Pictures aside, please retype the whole listing word for word.

= Beginning of Section =

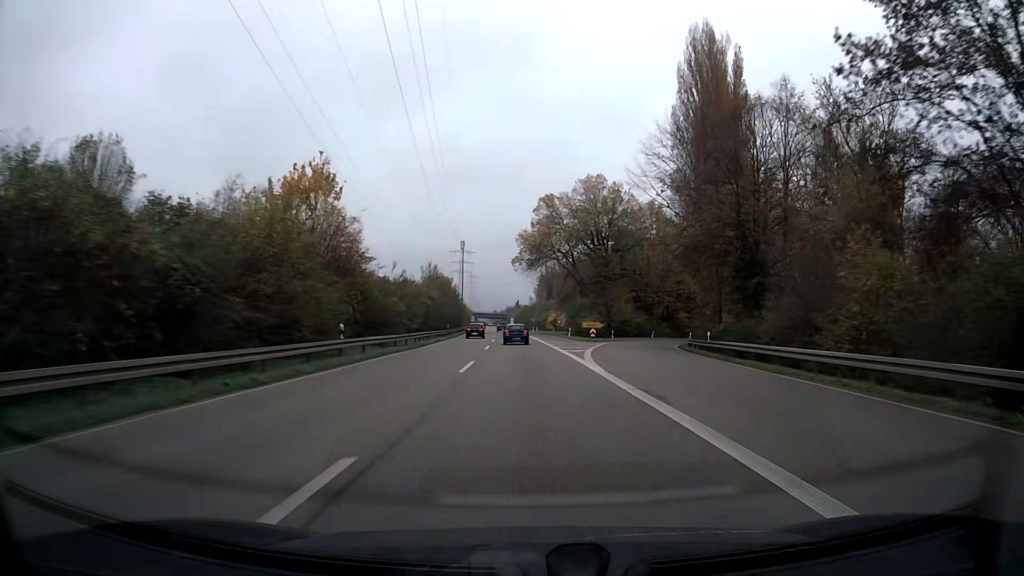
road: trunk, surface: asphalt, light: Day
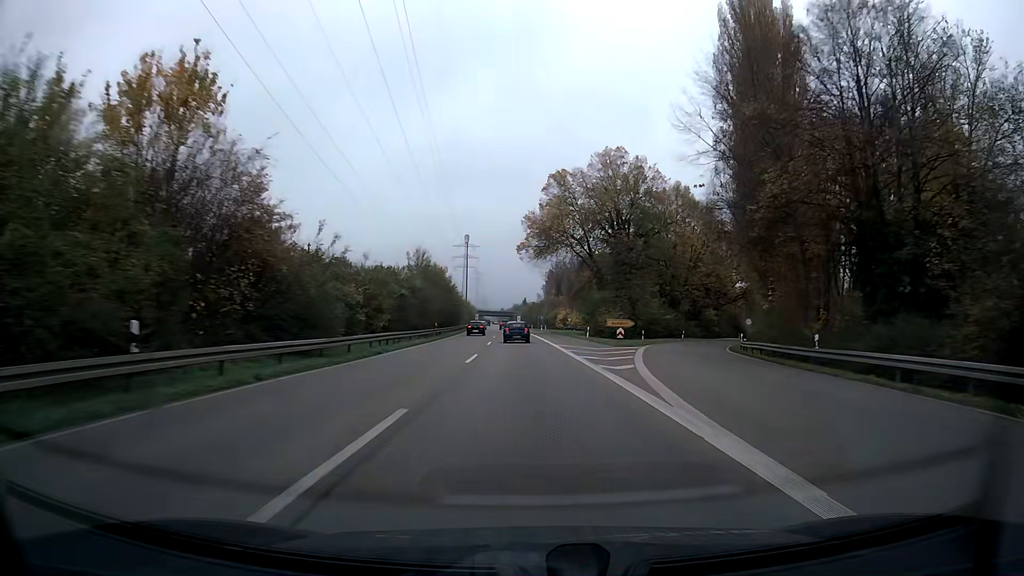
(-0.1, +14.7) m; -1°
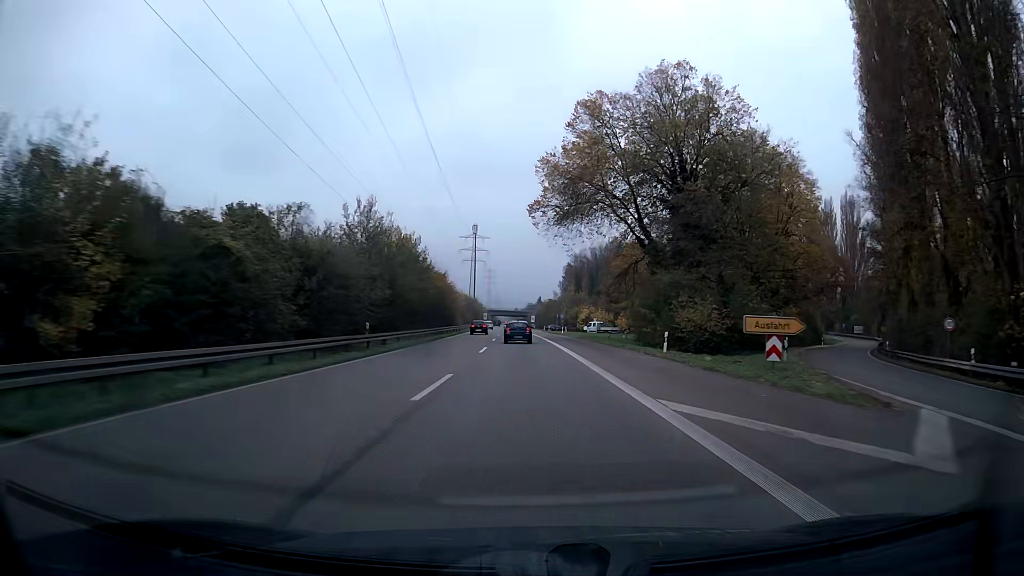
(-0.2, +29.1) m; -1°
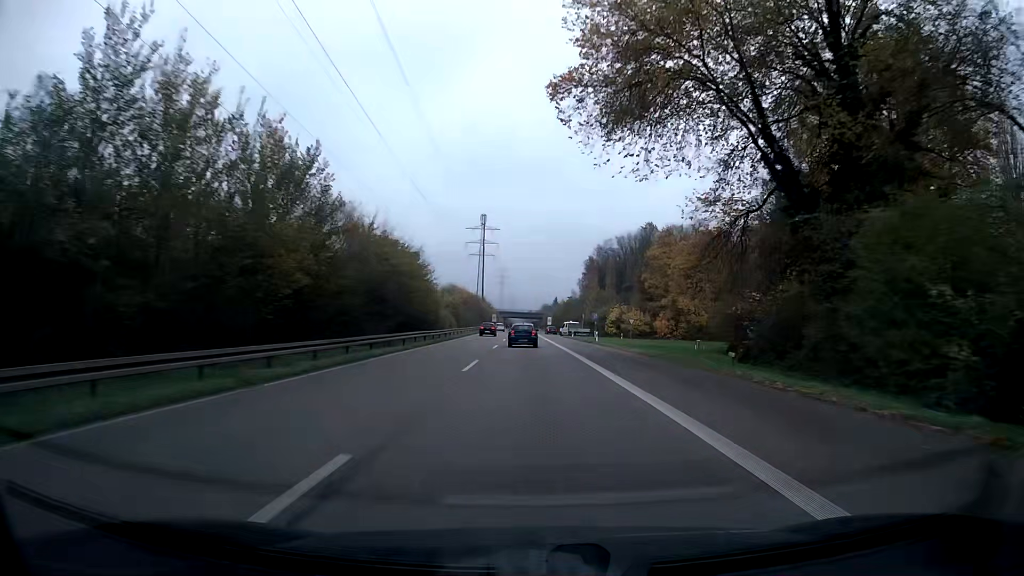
(-0.3, +28.7) m; -1°
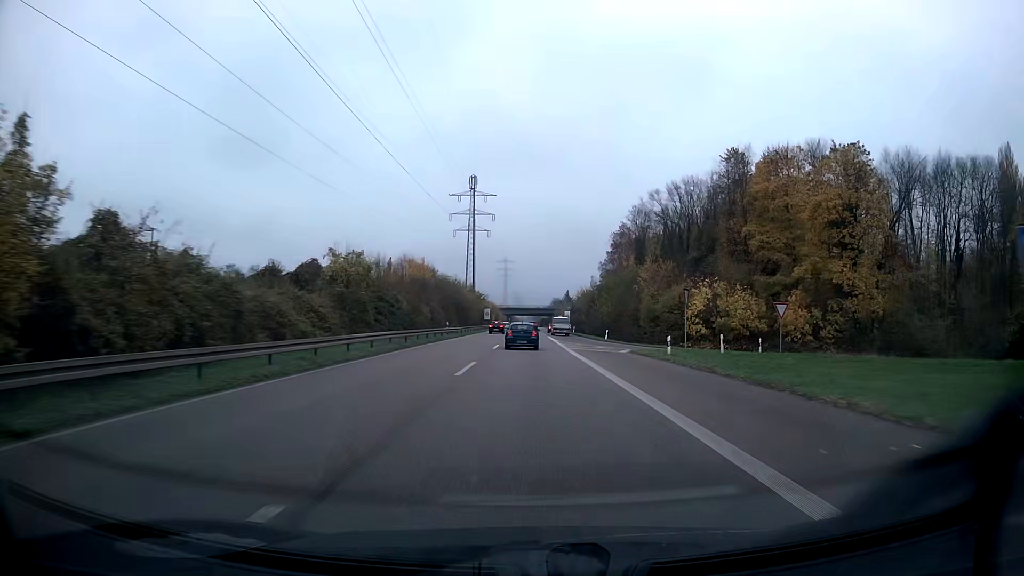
(-0.4, +56.2) m; -1°
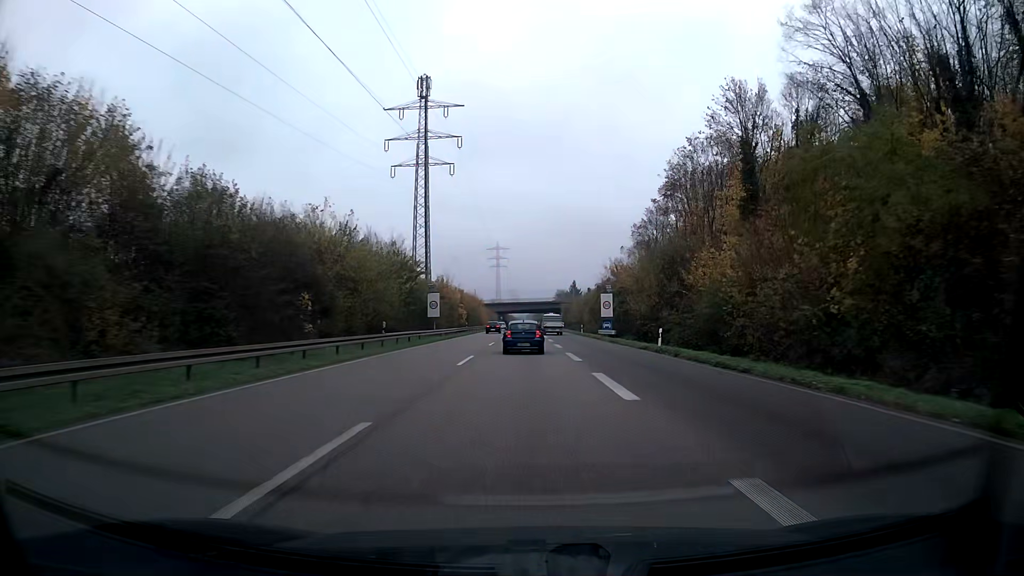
(0.0, +68.1) m; 0°
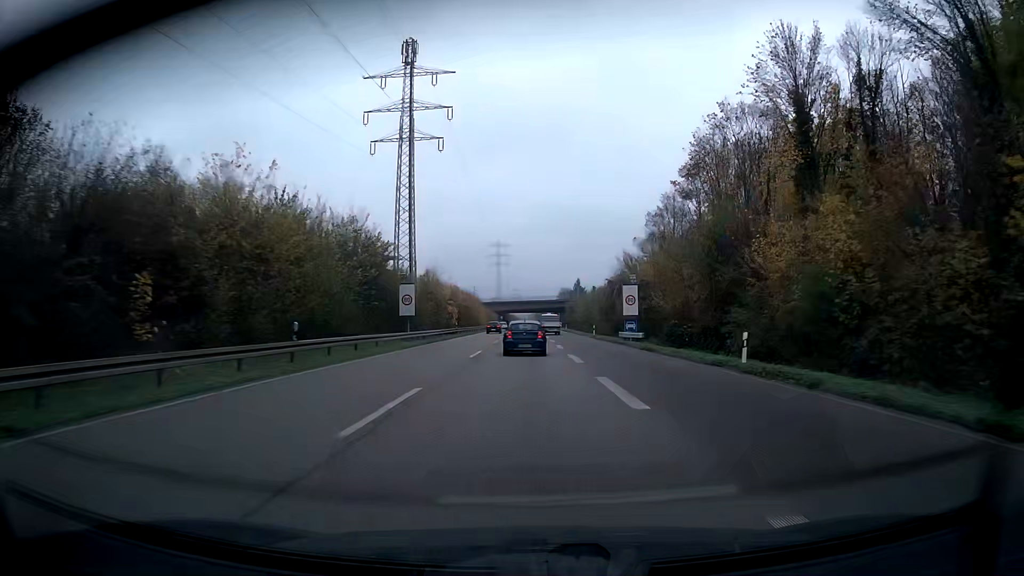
(0.0, +13.2) m; 0°
(0, +10) (0, +20) (0, +30) (0, +40) (0, +50) (0, +60) (0, +70) (0, +80) (0, +90) (-1, +100) m

= End of Section =

# Exercise solution:
road: trunk, surface: asphalt, light: Day
(-0.1, +14.7) m; -1°
(-0.2, +29.1) m; -1°
(-0.3, +28.7) m; -1°
(-0.4, +56.2) m; -1°
(0.0, +68.1) m; 0°
(0.0, +13.2) m; 0°
(0, +10) (0, +20) (0, +30) (0, +40) (0, +50) (0, +60) (0, +70) (0, +80) (0, +90) (-1, +100) m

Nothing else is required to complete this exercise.